Introduction
Recall the stack data structure which you probably learned about in CS 240. Stacks support LIFO (last in, first out) operations via push and pop operations. Amortized analysis provides insight into the most efficient ways to do certain expensive manipulations, and specifies when we can spread their cost over a set of operations. For example, if we are using a dynamic array to store data, and we need to expand it when it gets full or shrink it when parts of it are not in use, when and how much should we grow or shrink the array? Amortized analysis answers these questions.
In this assignment you will implement a data structure that grows or shrinks at times and in amounts based on amortized analysis. In particular, suppose we need two stacks that are related in such a way that usually one is large when the other is small. To make the most efficient use of space, we can have an array/list in which we store both of them, with each having its bottom at one end of the array/list. In this way, the stacks grow toward one another, sharing the space in the array/list.
Of course, it might happen that the stacks grow together to the point that they use up all the space in the array/list. In this case, we need to expand the array. How much? If we were to expand the array by just one slot (the minimum necessary), then a sequence of push operations on a full array would incur copying all the elements in the full array into a new array, as well as the single copy operation needed to add the new value to a stack. In this case, each push operation when the underlying array is full would each require O(n) data copy operations, where n is the size of the array, which is rather expensive.
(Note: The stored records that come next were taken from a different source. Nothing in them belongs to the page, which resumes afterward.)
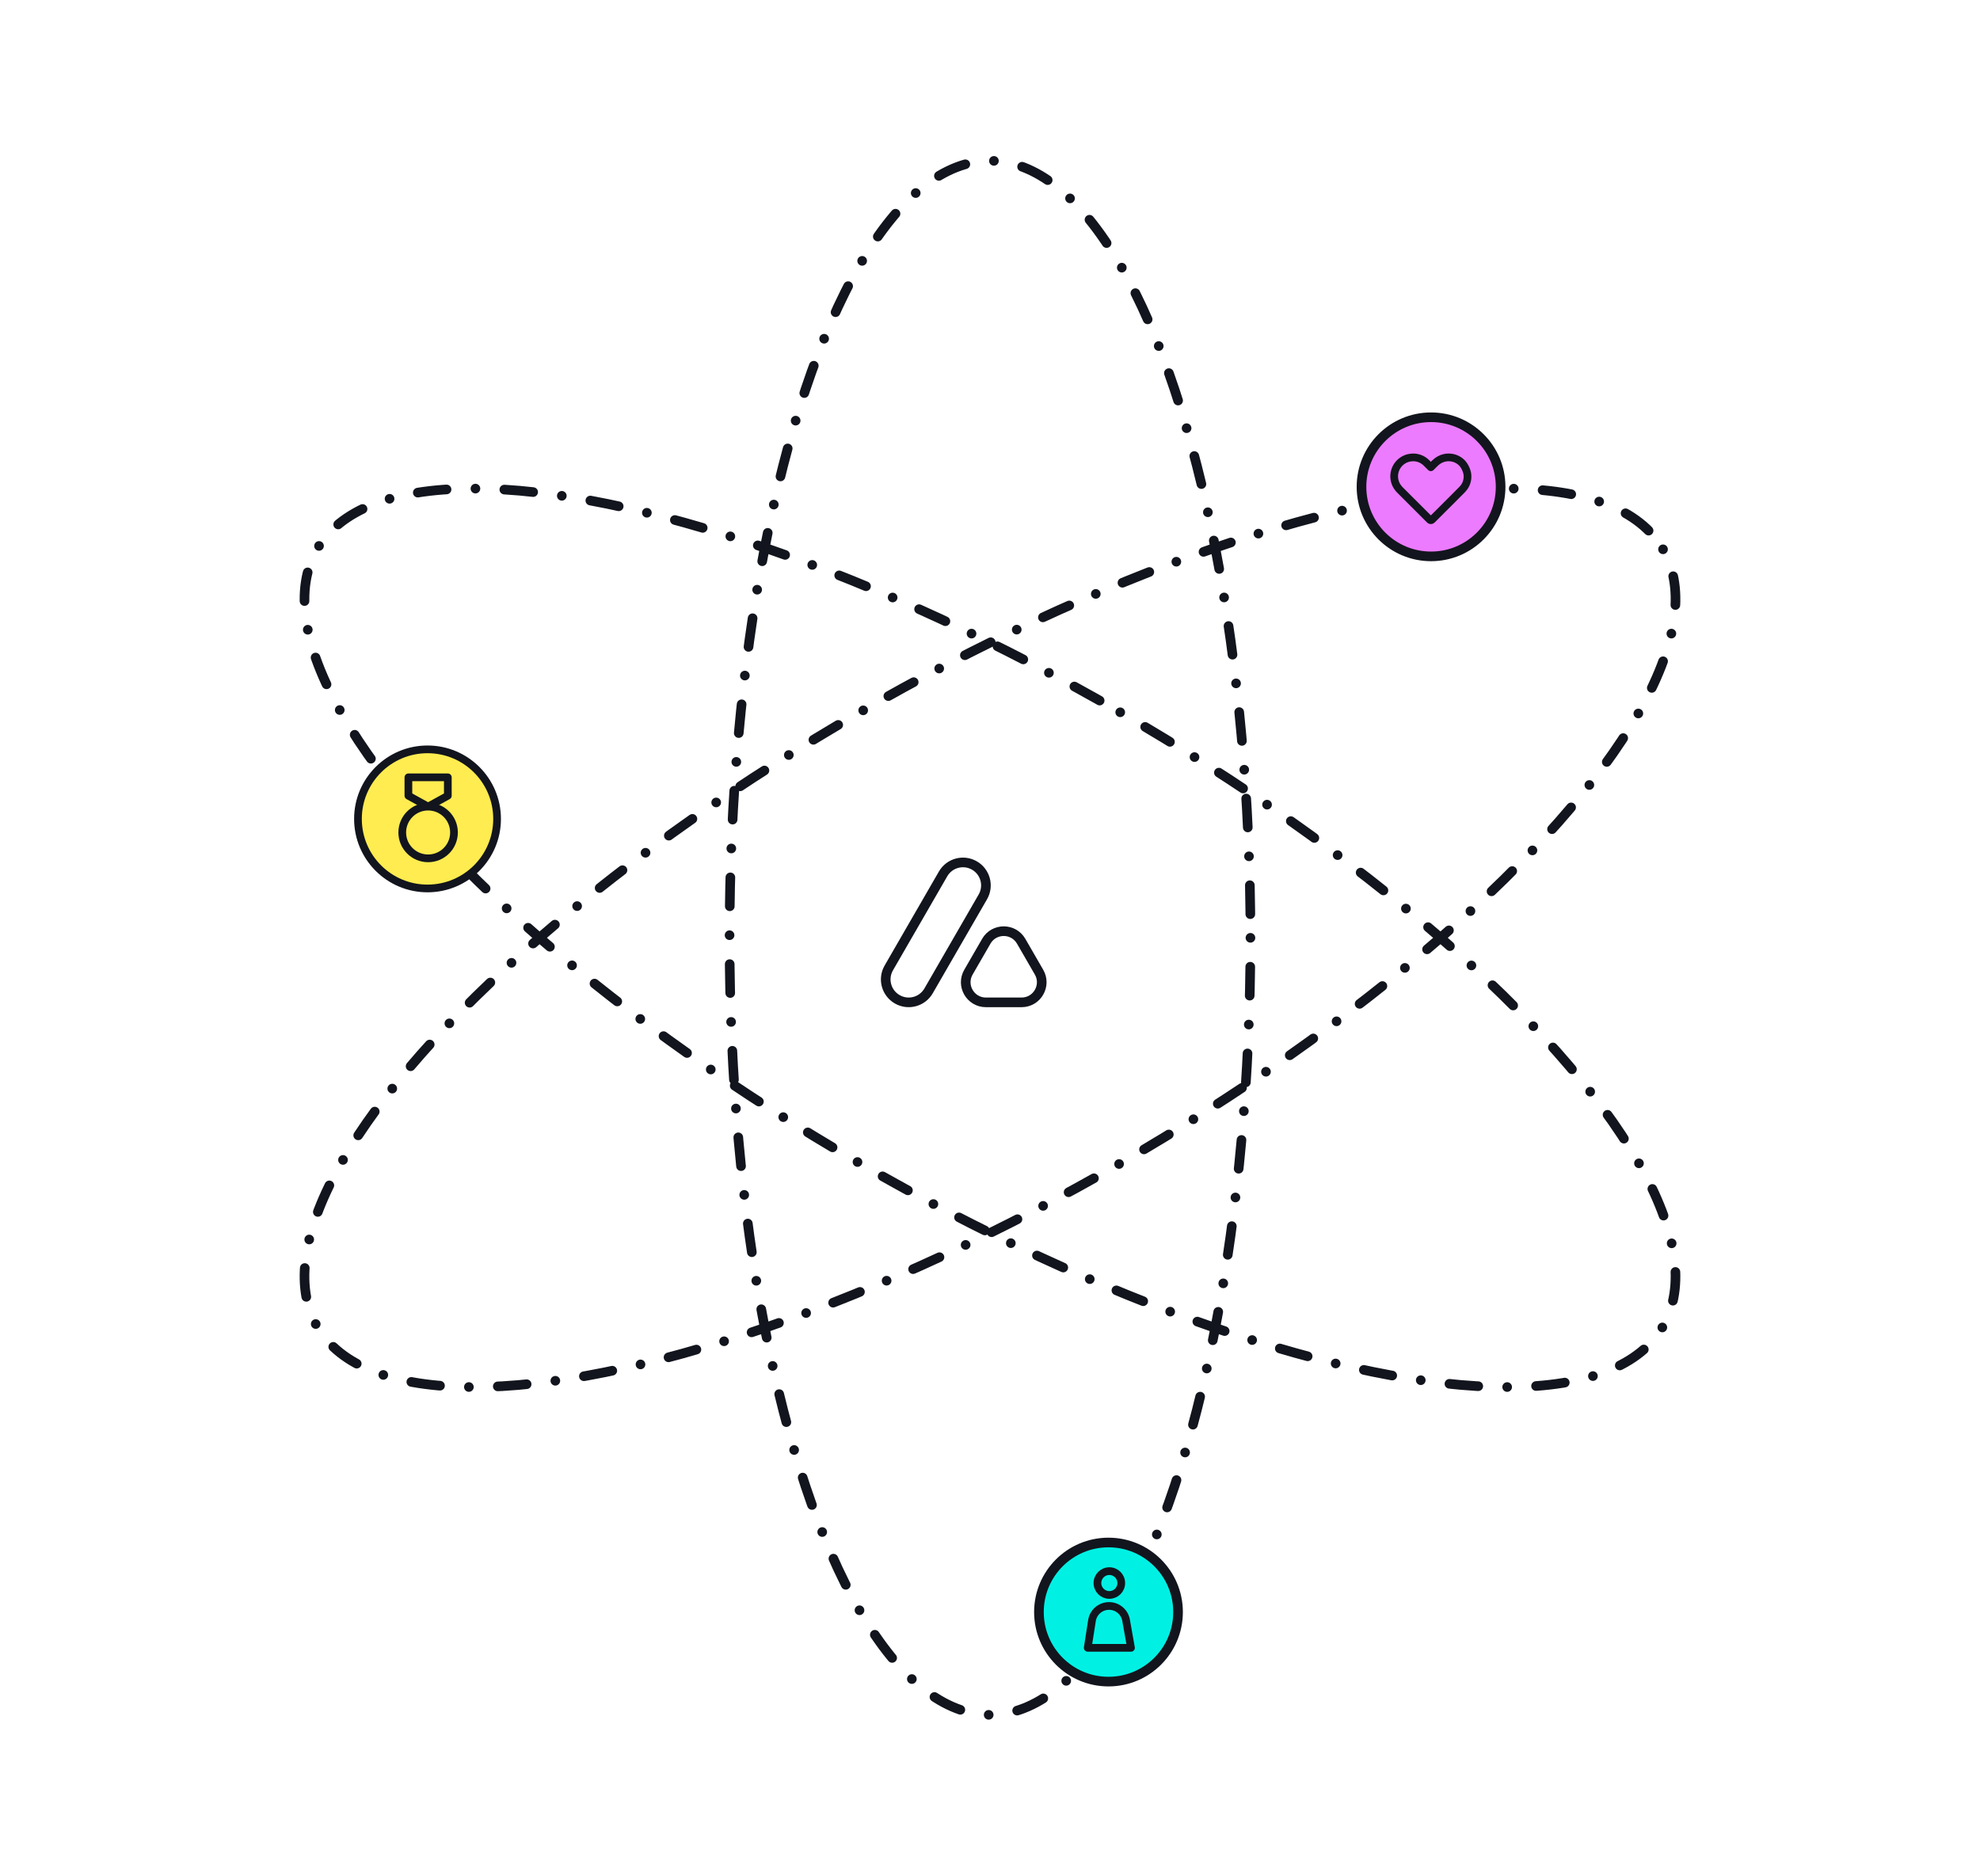 <?xml version="1.0" encoding="UTF-8"?>
<svg id="Layer_1" data-name="Layer 1" xmlns="http://www.w3.org/2000/svg" viewBox="0 0 1027 973">
  <defs>
    <style>
      .cls-1 {
        fill: #ec7bff;
      }

      .cls-1, .cls-2 {
        stroke-miterlimit: 10;
      }

      .cls-1, .cls-2, .cls-3, .cls-4, .cls-5, .cls-6, .cls-7 {
        stroke: #12151d;
      }

      .cls-1, .cls-2, .cls-3, .cls-7 {
        stroke-width: 5px;
      }

      .cls-2, .cls-4 {
        fill: #00f1e4;
      }

      .cls-3, .cls-4, .cls-5, .cls-6, .cls-7 {
        stroke-linecap: round;
        stroke-linejoin: round;
      }

      .cls-3, .cls-6, .cls-7 {
        fill: none;
      }

      .cls-4, .cls-5, .cls-6 {
        stroke-width: 4px;
      }

      .cls-5 {
        fill: #ffec50;
      }

      .cls-7 {
        stroke-dasharray: 0 0 0 15 15 15;
      }
    </style>
  </defs>
  <g>
    <path class="cls-3" d="m505.43,448.99c-5.7-3.29-12.98-1.34-16.27,4.36l-28.15,48.76c-3.29,5.7-1.34,12.98,4.36,16.27,5.7,3.29,12.98,1.34,16.27-4.36l28.15-48.76c3.29-5.7,1.34-12.98-4.36-16.27Z"/>
    <path class="cls-3" d="m511.58,488.28l-9.26,16.03c-4.02,6.97,1.01,15.67,9.05,15.67h18.51c8.04,0,13.07-8.71,9.05-15.67l-9.26-16.03c-4.02-6.97-14.07-6.97-18.1,0Z"/>
  </g>
  <g>
    <g>
      <g>
        <g>
          <ellipse class="cls-7" cx="513.5" cy="486.5" rx="135.09" ry="403.09"/>
          <ellipse class="cls-7" cx="513.5" cy="486.5" rx="403.09" ry="135.09" transform="translate(-174.45 321.93) rotate(-30)"/>
          <ellipse class="cls-7" cx="513.5" cy="486.5" rx="135.09" ry="403.09" transform="translate(-164.57 687.95) rotate(-60)"/>
        </g>
        <circle class="cls-5" cx="221.75" cy="424.81" r="36.08"/>
        <circle class="cls-1" cx="742.27" cy="252.54" r="36.08"/>
        <g>
          <circle class="cls-2" cx="574.96" cy="836.26" r="36.08"/>
          <g>
            <circle class="cls-4" cx="575.4" cy="821.21" r="6.18"/>
            <path class="cls-4" d="m586.62,854.82h-22.44l2.21-14.14c.68-4.37,4.44-7.58,8.86-7.58h0c4.35,0,8.07,3.12,8.83,7.4l2.55,14.33Z"/>
          </g>
        </g>
      </g>
      <g id="nhRISA">
        <path class="cls-6" d="m742.17,242.38c.07-.07.13-.13.19-.18.68-.67,1.34-1.36,2.03-2.02,1.39-1.35,3.12-2.33,5.01-2.71.81-.17,1.63-.24,2.45-.19,2.4.14,4.49,1.01,6.24,2.66,1.53,1.44,2.87,4.27,3.05,6.36.25,2.91-.65,5.51-2.78,7.68-3.38,3.45-6.82,6.84-10.24,10.26-1.51,1.51-4.29,4.29-5.44,5.43-.29.29-.75.29-1.03,0-2.19-2.18-10.8-10.78-15.47-15.46-1.57-1.57-2.66-3.58-2.95-5.78-.7-5.22,2.73-9.78,7.45-10.89.91-.21,1.83-.31,2.76-.26,2.48.15,4.63,1.08,6.41,2.82.71.7,1.41,1.41,2.12,2.12.06.06.12.11.19.18Z"/>
      </g>
    </g>
    <g>
      <polygon class="cls-5" points="211.83 403.24 232.28 403.24 232.28 412.79 222.06 418.43 211.83 412.79 211.83 403.24"/>
      <circle class="cls-5" cx="222.06" cy="431.85" r="13.42"/>
    </g>
  </g>
</svg>

However, if we increase the size of the array by a factor of k, so that an array of size n is replaced by an array of size kn, then there will be n + 1 data copy operations when the array grows (n to copy the existing data and 1 more for the new element), followed (in the worst case) by (k −1)n operations for all the (k −1)n pushes that can be done before the array becomes full again. The average cost of a push between expansions is therefore $$((n + 1) + (k −1)n)/(k −1)n = (kn + 1)/(kn −n) \in \mathcal{O}(1)$$. So it is more efficient to expand the array by a constant factor k. What should k be? The bigger k is, the lower the amortized cost, but we are also trying to save space. Generally a factor of 2 is used. So we double the size of the array when it is expanded. A similar analysis shows that if we want to minimize space usage without incurring excessive costs when shrinking the array, we should shrink the array when the it gets to be half full.